▸ **EXTRACTED DATA**
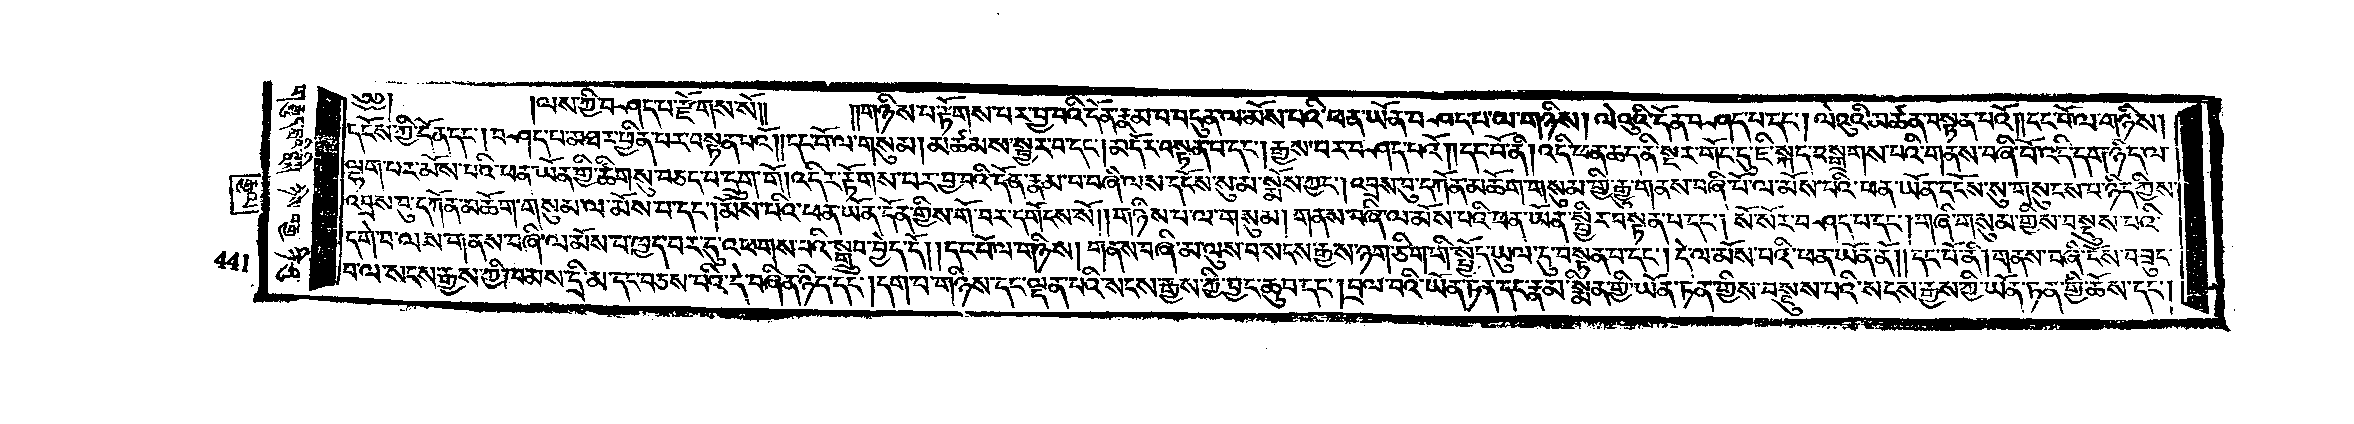༄༅། །ལས་ཀྱི་བཤད་པ་རྫོགས་སོ།། །།གཉིས་པ་རྟོགས་པར་བྱ་བའི་དོན་རྣམ་པ་བདུན་ལ་མོས་པའི་ཕན་ཡོན་བཤད་པ་ལ་གཉིས་ལེའུའི་དོན་བཤད་པ་དང་། ལེའུའི་མཚན་བསྟན་པའོ། །དང་པོ་ལ་གཉིས།
དངོས་ཀྱི་དོན་དང་། བཤད་པ་མཐར་ཕྱིན་པར་བསྟན་པའོ། །དང་པོ་ལ་གསུམ། མཚམས་སྦྱར་བ་དང་། མདོར་བསྟན་པ་དང་། རྒྱས་པར་བཤད་པའོ། །དང་པོ་ནི། འདི་ཕན་ཆད་ནི་སྔར་གོང་དུ་ཇི་སྐད་འྶྒྲགས་པའི་གནས་བཞི་པོ་འདི་དག་ཉིད་ལ་
ལྷག་པར་མོས་པའི་ཕན་ཡོན་གྱི་ཚིགས་སུ་བཅད་པ་དྲུག་གོ། འདིར་རྟོགས་པར་བྱ་བའི་དོན་རྣམ་པ་བཞི་ལས་དངོས་སུ་མ་སྨོས་ཀྱང་། འབྲས་བུ་དཀོན་མཆོག་གསུམ་གྱི་རྒྱུ་གནས་བཞི་པོ་ལ་མོས་པའི་ཕན་དངོས་སུ་གསུངས་པ་ཉིད་ཀྱིས་
འབྲས་བུ་དཀོན་མཆོག་གསུམ་ལ་མོས་པ་དང་། མོས་པའི་ཕན་ཡོན་དོན་གྱིས་གོ་བར་དགོངས་སོ། །གཉིས་པ་ལ་གསུམ། གནས་བཞི་ལ་མོས་པའི་ཕན་ཡོན་སྤྱིར་བསྟན་པ་དང་། སོ་སོར་བཤད་པ་དང་། གཞི་གསུམ་གྱིས་བསྡུས་པའི་
དགེ་བ་ལས་གནས་བཞི་ལ་མོས་པ་ཁྱད་པར་དུ་འཕགས་པའི་སྒྲུབ་བྱེད་དོ། །དང་པོ་ལ་གཉིས། གནས་བཞི་མ་ལུས་པ་སངས་རྒྱས་ཉག་ཅིག་གི་སྤྱོད་ཡུལ་དུ་བསྟན་པ་དང་། དེ་ལ་མོས་པའི་ཕན་ཡོན་ནོ། །དང་པོ་ནི། གནས་བཞི་ངོས་བཟང་
བ་ལ་སངས་རྒྱས་ཀྱི་ཁམས་དྲི་མ་དང་བཅས་པའི་དེ་བཞིན་ཉིད་དང་། དག་པ་གཉིས་དང་ལྡན་པའི་སངས་རྒྱས་ཀྱི་བྱང་ཆུབ་དང་། བྲལ་བའི་ཡོན་ཏན་དང་རྣམ་སྨིན་གྱི་ཡོན་ཏན་གྱིས་བསྡུས་པའི་སངས་རྒྱས་ཀྱི་ཡོན་ཏན་གྱི་ཆོས་དང་།

▸ **EXERCISE DETAILS**
Please set the records down again exactly as written. The pictures should not be included.

▸ **TASK RESPONSE**
༄༅། །ལས་ཀྱི་བཤད་པ་རྫོགས་སོ།། །།གཉིས་པ་རྟོགས་པར་བྱ་བའི་དོན་རྣམ་པ་བདུན་ལ་མོས་པའི་ཕན་ཡོན་བཤད་པ་ལ་གཉིས་ལེའུའི་དོན་བཤད་པ་དང་། ལེའུའི་མཚན་བསྟན་པའོ། །དང་པོ་ལ་གཉིས།
དངོས་ཀྱི་དོན་དང་། བཤད་པ་མཐར་ཕྱིན་པར་བསྟན་པའོ། །དང་པོ་ལ་གསུམ། མཚམས་སྦྱར་བ་དང་། མདོར་བསྟན་པ་དང་། རྒྱས་པར་བཤད་པའོ། །དང་པོ་ནི། འདི་ཕན་ཆད་ནི་སྔར་གོང་དུ་ཇི་སྐད་འྶྒྲགས་པའི་གནས་བཞི་པོ་འདི་དག་ཉིད་ལ་
ལྷག་པར་མོས་པའི་ཕན་ཡོན་གྱི་ཚིགས་སུ་བཅད་པ་དྲུག་གོ། འདིར་རྟོགས་པར་བྱ་བའི་དོན་རྣམ་པ་བཞི་ལས་དངོས་སུ་མ་སྨོས་ཀྱང་། འབྲས་བུ་དཀོན་མཆོག་གསུམ་གྱི་རྒྱུ་གནས་བཞི་པོ་ལ་མོས་པའི་ཕན་དངོས་སུ་གསུངས་པ་ཉིད་ཀྱིས་
འབྲས་བུ་དཀོན་མཆོག་གསུམ་ལ་མོས་པ་དང་། མོས་པའི་ཕན་ཡོན་དོན་གྱིས་གོ་བར་དགོངས་སོ། །གཉིས་པ་ལ་གསུམ། གནས་བཞི་ལ་མོས་པའི་ཕན་ཡོན་སྤྱིར་བསྟན་པ་དང་། སོ་སོར་བཤད་པ་དང་། གཞི་གསུམ་གྱིས་བསྡུས་པའི་
དགེ་བ་ལས་གནས་བཞི་ལ་མོས་པ་ཁྱད་པར་དུ་འཕགས་པའི་སྒྲུབ་བྱེད་དོ། །དང་པོ་ལ་གཉིས། གནས་བཞི་མ་ལུས་པ་སངས་རྒྱས་ཉག་ཅིག་གི་སྤྱོད་ཡུལ་དུ་བསྟན་པ་དང་། དེ་ལ་མོས་པའི་ཕན་ཡོན་ནོ། །དང་པོ་ནི། གནས་བཞི་ངོས་བཟང་
བ་ལ་སངས་རྒྱས་ཀྱི་ཁམས་དྲི་མ་དང་བཅས་པའི་དེ་བཞིན་ཉིད་དང་། དག་པ་གཉིས་དང་ལྡན་པའི་སངས་རྒྱས་ཀྱི་བྱང་ཆུབ་དང་། བྲལ་བའི་ཡོན་ཏན་དང་རྣམ་སྨིན་གྱི་ཡོན་ཏན་གྱིས་བསྡུས་པའི་སངས་རྒྱས་ཀྱི་ཡོན་ཏན་གྱི་ཆོས་དང་།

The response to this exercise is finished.